Tax (and "Taxable", which shall mean subject to Tax), shall mean, with
respect to any Person, (a) all taxes (domestic or foreign), including without
limitation any income (net, gross or other including recapture of any tax items
such as investment tax credits), alternative or add-on minimum tax, gross
income, gross receipts, gains, sales, use, leasing, lease, user, ad valorem,
transfer, recording, franchise, profits, property (real or personal, tangible or
intangible), fuel, license, withholding on amounts paid to or by such Person,
payroll, employment, unemployment, social security, excise, severance, stamp,
occupation, premium, environmental or windfall profit tax, custom, duty or other
tax, or other like assessment or charge of any kind whatsoever, together with
any interest, levies, assessments, charges, penalties, addition to tax or
additional amount imposed by any Taxing Authority, (b) any joint or several
liability of such Person with any other Person for the payment of any amounts of
the type described in (a) and (c) any liability of such Person for the payment
of any amounts of the type described in (a) as a result of any express or
implied obligation to indemnify any other Person.

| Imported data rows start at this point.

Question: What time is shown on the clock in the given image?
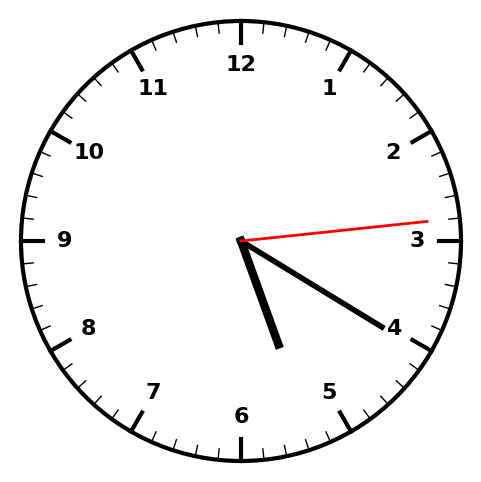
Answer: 05:20:14
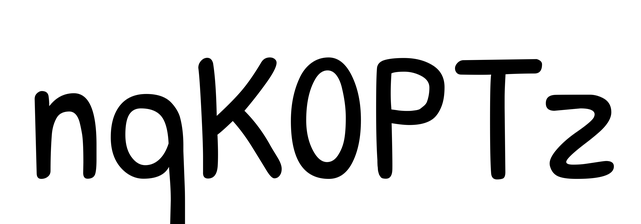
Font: PatrickHand-Regular
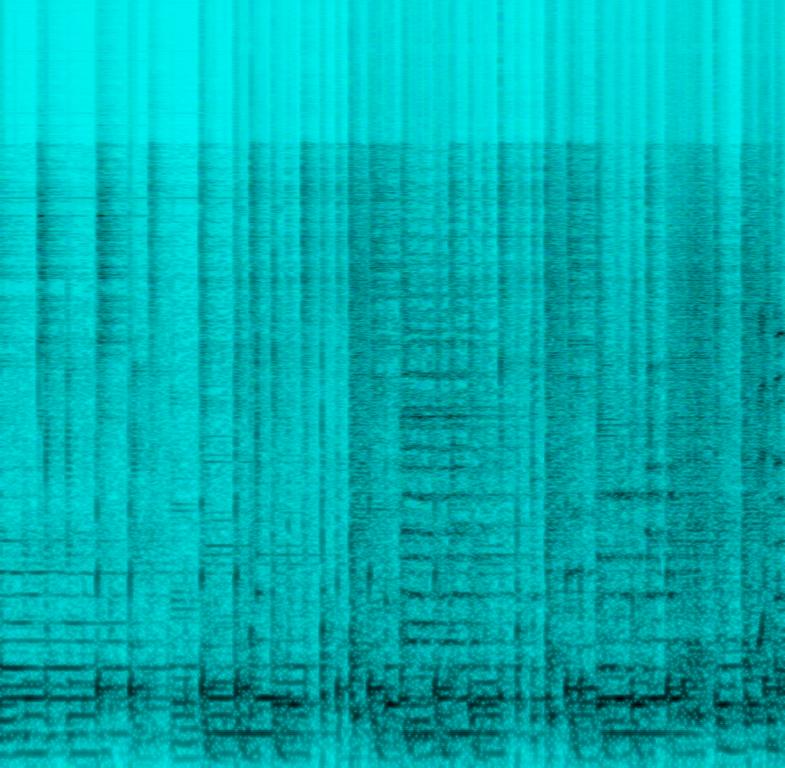
The low quality recording features a live performance of a traditional pop song and it consists of an addictive female vocal singing over punchy kick and snare hits, groovy bass, electric guitar melody, strings melody and wooden percussion. There is a short snare roll, right before the bass drops. It sounds messy, a bit harsh, distorted, but also passionate, addictive and energetic.
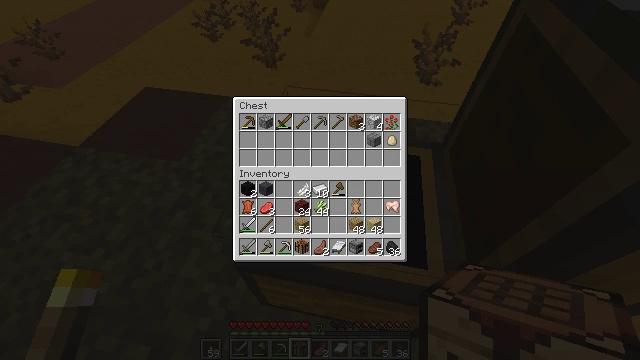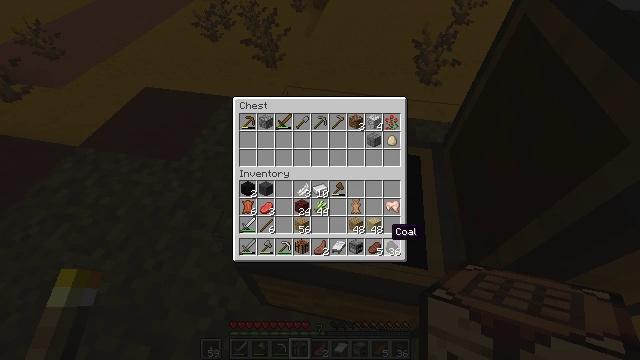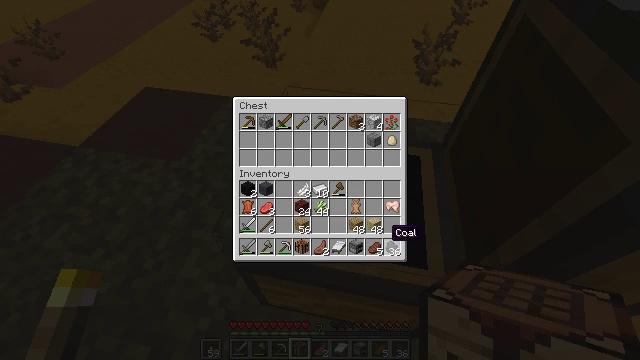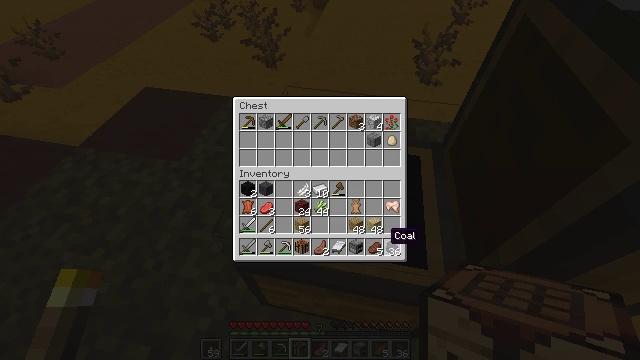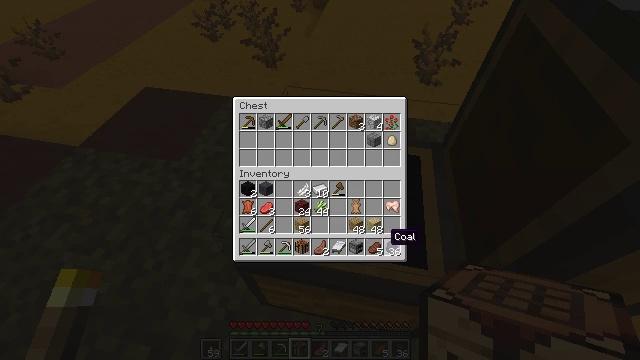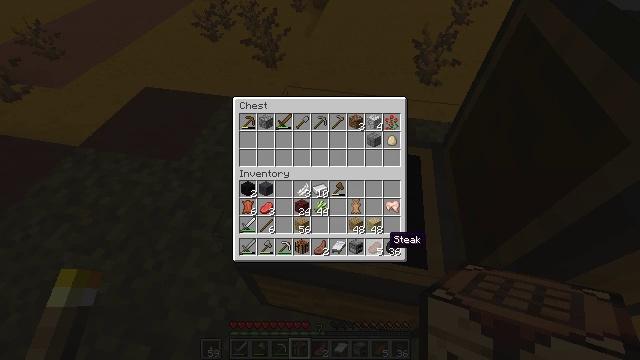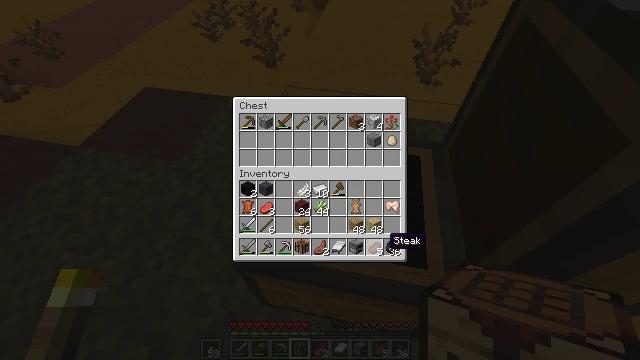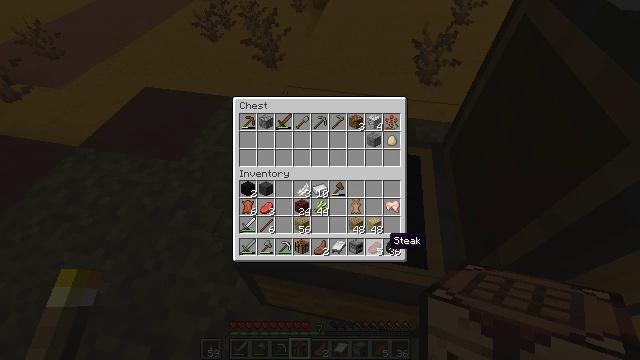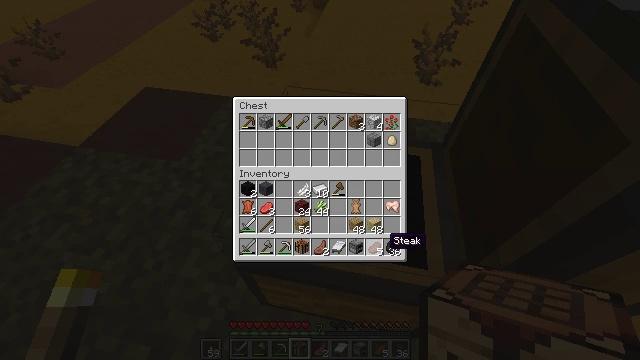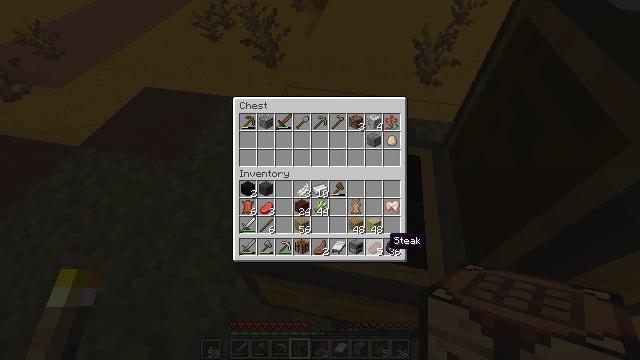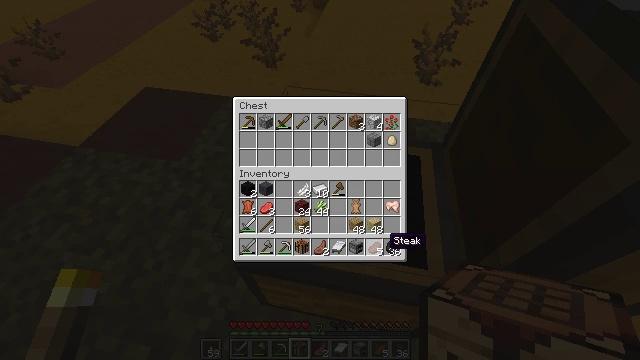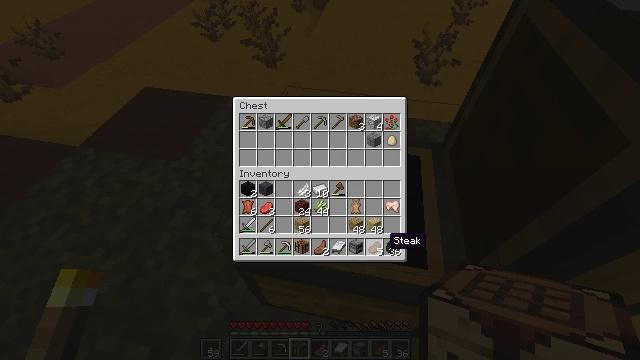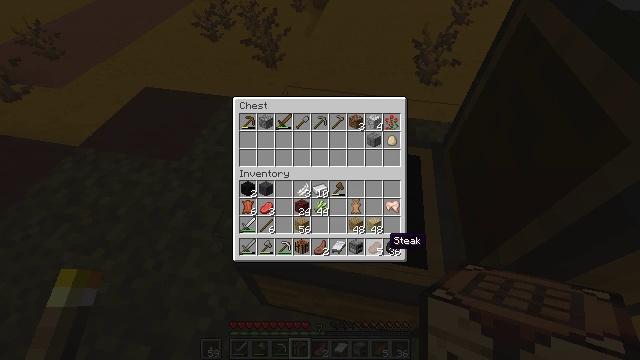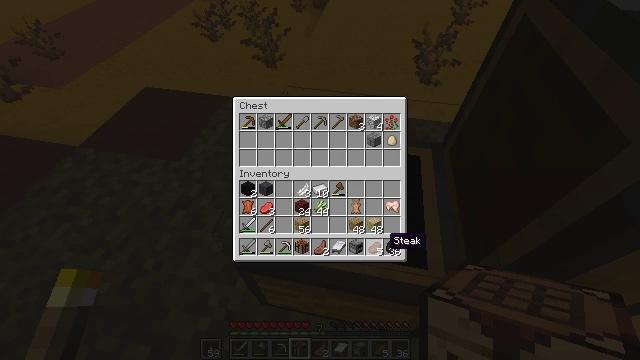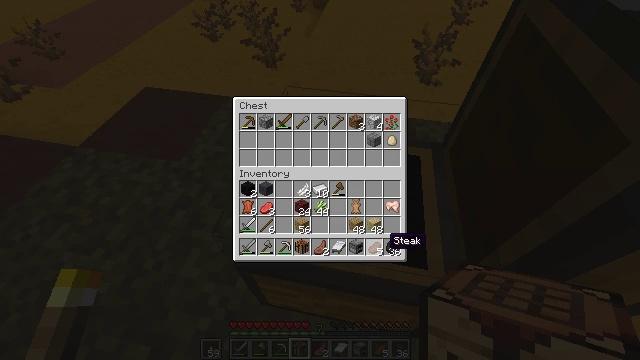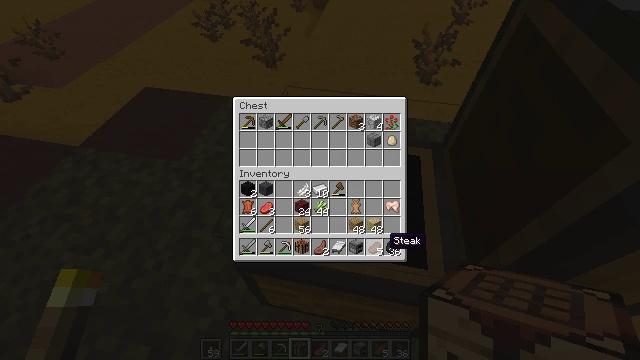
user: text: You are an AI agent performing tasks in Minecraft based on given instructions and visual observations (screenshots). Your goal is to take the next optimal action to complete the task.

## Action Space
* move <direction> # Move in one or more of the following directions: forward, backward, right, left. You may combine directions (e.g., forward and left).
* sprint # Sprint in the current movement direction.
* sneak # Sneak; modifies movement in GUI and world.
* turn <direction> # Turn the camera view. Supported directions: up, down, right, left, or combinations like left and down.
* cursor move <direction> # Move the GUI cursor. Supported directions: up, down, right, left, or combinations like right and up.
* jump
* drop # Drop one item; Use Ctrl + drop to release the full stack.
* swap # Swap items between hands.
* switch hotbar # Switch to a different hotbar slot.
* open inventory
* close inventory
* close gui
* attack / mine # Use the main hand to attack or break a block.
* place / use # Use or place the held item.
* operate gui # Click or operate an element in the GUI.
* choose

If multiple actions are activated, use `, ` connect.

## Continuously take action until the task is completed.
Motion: motion action
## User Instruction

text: Use a pickaxe to mine brown terracotta.
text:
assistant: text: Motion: no_op
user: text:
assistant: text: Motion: no_op
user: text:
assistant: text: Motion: no_op
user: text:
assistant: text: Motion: no_op
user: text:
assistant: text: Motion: no_op
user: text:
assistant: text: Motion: no_op
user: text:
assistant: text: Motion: no_op
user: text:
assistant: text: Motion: no_op
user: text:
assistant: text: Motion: no_op
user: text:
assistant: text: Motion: no_op
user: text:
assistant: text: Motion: no_op
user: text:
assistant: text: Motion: no_op
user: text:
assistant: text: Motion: no_op
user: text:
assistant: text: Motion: no_op
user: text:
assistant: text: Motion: no_op
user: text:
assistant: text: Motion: no_op
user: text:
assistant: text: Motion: no_op
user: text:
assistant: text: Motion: no_op
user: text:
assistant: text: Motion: no_op
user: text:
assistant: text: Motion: no_op
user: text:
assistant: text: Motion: no_op
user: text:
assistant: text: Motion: no_op
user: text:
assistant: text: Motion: no_op
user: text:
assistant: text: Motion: no_op
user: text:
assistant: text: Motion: no_op
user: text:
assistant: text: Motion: no_op
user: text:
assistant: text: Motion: no_op
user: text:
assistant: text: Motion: no_op
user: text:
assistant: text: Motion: no_op
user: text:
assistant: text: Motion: no_op

Tax Allocation Schedule shall have the meaning given to it in Section
2.3.
Tax Claim shall mean any Claim which relates to Taxes, including
without limitation the representations and warranties set forth in Section 3.11.
Tax Return or Returns shall mean all returns, consolidated or otherwise
(including without limitation information returns), required to be filed with
any Authority with respect to Taxes.
Tax accounting principles shall have the meaning given to it in Section
3.2.
Taxing Authority shall mean any Authority responsible for the
imposition of any Tax.
Termination Date shall have the meaning given to it in Section 7.1.
Termination Period shall have the meaning given to it in Section 9.16.
Title Company shall have the meaning given to it in Section 5.7.
Title Reports shall have the meaning given to it in Section 5.7.
Transactions shall mean the transactions contemplated to be consummated
on or prior to the Closing Date, including without limitation the purchase and
sale of the Meridian Assets and the Meridian Business and the execution,
delivery and performance of the Collateral Documents.